* _Instructions for the task_: All lines of the listing that contain "entity" should be shown in full.

* _Information provided_:
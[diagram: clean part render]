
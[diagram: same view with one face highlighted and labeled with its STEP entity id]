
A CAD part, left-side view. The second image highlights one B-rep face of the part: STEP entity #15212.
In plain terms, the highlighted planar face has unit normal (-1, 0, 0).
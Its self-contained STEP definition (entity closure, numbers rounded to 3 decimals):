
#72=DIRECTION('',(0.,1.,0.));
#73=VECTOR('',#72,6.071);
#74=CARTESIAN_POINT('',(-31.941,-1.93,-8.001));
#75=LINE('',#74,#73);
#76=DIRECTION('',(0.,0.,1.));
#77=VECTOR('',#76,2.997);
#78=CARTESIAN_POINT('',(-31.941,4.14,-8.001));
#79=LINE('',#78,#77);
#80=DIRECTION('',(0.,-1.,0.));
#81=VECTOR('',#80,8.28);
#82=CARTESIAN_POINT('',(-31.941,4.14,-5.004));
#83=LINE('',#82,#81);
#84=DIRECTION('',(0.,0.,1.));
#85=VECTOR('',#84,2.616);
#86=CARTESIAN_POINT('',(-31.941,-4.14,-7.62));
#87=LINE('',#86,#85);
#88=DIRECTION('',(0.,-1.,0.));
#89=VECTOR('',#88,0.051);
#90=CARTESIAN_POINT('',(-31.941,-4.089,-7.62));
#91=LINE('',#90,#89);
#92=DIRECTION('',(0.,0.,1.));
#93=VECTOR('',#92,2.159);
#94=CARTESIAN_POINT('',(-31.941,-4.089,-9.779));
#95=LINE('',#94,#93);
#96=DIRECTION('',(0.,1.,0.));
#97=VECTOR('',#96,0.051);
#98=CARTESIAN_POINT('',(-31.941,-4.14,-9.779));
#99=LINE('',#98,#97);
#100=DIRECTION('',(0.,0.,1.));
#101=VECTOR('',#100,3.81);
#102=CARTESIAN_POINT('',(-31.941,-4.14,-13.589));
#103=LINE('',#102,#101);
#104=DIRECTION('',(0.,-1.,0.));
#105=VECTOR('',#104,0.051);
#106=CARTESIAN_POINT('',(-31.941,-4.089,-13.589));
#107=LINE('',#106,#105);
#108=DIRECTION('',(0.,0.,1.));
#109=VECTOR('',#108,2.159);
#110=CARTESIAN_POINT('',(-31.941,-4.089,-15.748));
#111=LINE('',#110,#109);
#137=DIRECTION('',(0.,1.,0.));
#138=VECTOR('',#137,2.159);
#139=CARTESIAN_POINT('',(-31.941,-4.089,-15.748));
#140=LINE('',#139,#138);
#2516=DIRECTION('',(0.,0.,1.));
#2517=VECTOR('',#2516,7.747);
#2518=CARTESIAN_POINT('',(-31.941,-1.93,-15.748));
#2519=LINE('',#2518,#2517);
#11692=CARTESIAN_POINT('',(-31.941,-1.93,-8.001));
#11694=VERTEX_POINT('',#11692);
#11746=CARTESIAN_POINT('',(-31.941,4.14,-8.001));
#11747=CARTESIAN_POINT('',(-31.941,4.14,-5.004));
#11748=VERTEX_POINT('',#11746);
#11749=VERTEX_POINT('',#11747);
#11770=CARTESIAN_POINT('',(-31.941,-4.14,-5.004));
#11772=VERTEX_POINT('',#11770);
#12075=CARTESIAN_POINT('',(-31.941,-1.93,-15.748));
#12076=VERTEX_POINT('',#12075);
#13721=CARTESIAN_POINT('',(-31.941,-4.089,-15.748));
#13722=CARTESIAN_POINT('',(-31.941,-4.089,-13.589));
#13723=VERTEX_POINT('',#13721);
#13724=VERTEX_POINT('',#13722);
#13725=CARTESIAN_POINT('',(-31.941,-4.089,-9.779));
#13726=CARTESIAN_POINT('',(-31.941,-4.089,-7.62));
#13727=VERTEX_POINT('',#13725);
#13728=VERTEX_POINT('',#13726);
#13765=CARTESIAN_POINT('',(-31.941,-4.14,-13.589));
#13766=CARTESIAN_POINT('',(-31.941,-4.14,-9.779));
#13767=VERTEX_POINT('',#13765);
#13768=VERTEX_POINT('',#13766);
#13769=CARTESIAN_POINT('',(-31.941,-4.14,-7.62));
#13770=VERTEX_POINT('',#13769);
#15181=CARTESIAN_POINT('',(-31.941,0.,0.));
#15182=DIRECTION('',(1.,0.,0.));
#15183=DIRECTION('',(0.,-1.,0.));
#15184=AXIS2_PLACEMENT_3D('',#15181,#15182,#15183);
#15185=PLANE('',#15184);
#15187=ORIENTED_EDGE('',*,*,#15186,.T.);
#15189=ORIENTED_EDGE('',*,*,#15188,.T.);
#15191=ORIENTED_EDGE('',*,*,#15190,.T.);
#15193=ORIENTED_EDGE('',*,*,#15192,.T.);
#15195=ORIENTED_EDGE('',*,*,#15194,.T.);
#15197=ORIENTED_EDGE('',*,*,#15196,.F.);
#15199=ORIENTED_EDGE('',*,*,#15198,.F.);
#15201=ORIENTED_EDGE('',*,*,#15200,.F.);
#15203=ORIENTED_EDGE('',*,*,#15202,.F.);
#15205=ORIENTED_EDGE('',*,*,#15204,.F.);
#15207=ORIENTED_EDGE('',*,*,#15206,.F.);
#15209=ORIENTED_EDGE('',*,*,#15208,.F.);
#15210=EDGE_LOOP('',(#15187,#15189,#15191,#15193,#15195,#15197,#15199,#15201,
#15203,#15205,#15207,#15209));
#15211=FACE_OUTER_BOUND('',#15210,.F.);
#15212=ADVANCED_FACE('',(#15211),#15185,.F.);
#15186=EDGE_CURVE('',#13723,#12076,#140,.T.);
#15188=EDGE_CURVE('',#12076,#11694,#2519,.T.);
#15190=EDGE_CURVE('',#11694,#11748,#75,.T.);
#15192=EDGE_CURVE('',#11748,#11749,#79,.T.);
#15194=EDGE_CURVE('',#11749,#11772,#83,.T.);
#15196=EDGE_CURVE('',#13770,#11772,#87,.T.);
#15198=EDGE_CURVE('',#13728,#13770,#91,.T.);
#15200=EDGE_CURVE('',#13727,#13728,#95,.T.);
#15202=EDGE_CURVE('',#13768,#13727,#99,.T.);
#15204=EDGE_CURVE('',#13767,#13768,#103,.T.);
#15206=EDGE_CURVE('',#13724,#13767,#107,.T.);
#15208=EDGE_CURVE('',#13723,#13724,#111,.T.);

* _Final answer_:
[diagram: same view with one face highlighted and labeled with its STEP entity id]
A CAD part, left-side view. The second image highlights one B-rep face of the part: STEP entity #15212.
Its self-contained STEP definition (entity closure, numbers rounded to 3 decimals):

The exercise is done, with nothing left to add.